However, consumer advocates have filed a lawsuit against the CFPB alleging that the task force is illegal and is a means to further the interests of the financial sector, rather than consumers.

In late March, the CFPB asked for public comment (with input prompted by questions the CFPB provided) on how the task force could best tackle its job, with the period for comment ending in early June. The task force is expected to submit its recommendations to the CFPB by January 2021.

The timing of the public notice period itself has drawn negative attention, with a lot of comments from organizations as well as individuals, stating that this is not the best use of the CFPB’s resources at a time when it should be focusing on fighting the pandemic.

Several commenters also noted that the industry-friendly CFPB task force does not resemble the bipartisan National Commission on Consumer Finance from 1968, after which the CFPB says it is modeled.
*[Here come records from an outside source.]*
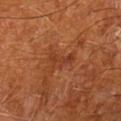- notes — imaged on a skin check; not biopsied
- location — the left lower leg
- tile lighting — cross-polarized illumination
- size — about 3.5 mm
- subject — male, approximately 65 years of age
- imaging modality — ~15 mm crop, total-body skin-cancer survey

See related: CFPB’s fair debt collection proposal update elicits negative feedback

Fighting COVID-19 should be current focus

According to Carol Kenner, who identifies herself as a retired bankruptcy court judge, “I believe that existing CFPB protections for consumers should remain as vigorous as they are today. The regulations in place now are effective in protecting the public. Now is not the time to rethink CFPB’s mission. Preventing harm to consumers, especially during the COVID-19 pandemic, is key.”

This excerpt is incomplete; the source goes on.